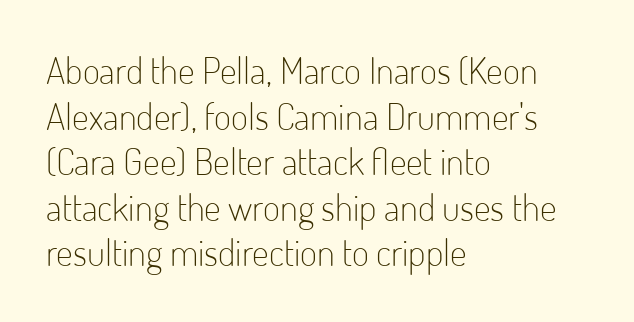
{"serif": "no", "italic": "no", "bold": "no", "weight": "light", "width": "condensed", "stroke_contrast": "low", "x_height": "small", "monospaced": "no", "underline": "no", "align": "left", "line_spacing_ratio": 1.23, "letter_spacing": "normal", "letter_spacing_em": 0.0, "glyph_px": 37}
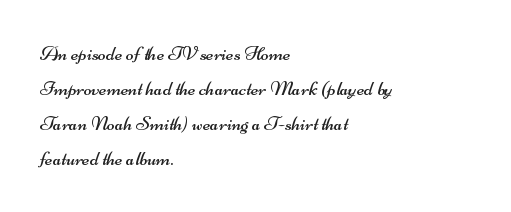
{"bold": "no", "underline": "no", "align": "left", "line_spacing": "normal", "line_spacing_ratio": 1.67, "letter_spacing": "normal", "letter_spacing_em": 0.0, "glyph_px": 21}
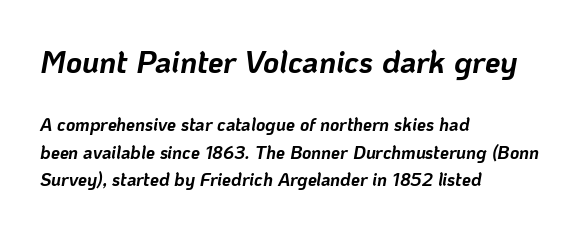
The image shows 31 px bold type, italic (leaning right); set left-aligned, normal line spacing (1.53x), normal letter spacing, not underlined; the first (top) block is 1.72x larger; low stroke contrast and a medium x-height.
—————
Work item → Minus its pictures, the full listing should be copied verbatim.

Answer space →
{"serif": "no", "italic": "no", "bold": "no", "weight": "light", "width": "condensed", "stroke_contrast": "low", "x_height": "small", "monospaced": "no", "underline": "no", "align": "left", "line_spacing_ratio": 1.23, "letter_spacing": "normal", "letter_spacing_em": 0.0, "glyph_px": 37}
{"bold": "no", "underline": "no", "align": "left", "line_spacing": "normal", "line_spacing_ratio": 1.67, "letter_spacing": "normal", "letter_spacing_em": 0.0, "glyph_px": 21}
The image shows 31 px bold type, italic (leaning right); set left-aligned, normal line spacing (1.53x), normal letter spacing, not underlined; the first (top) block is 1.72x larger; low stroke contrast and a medium x-height.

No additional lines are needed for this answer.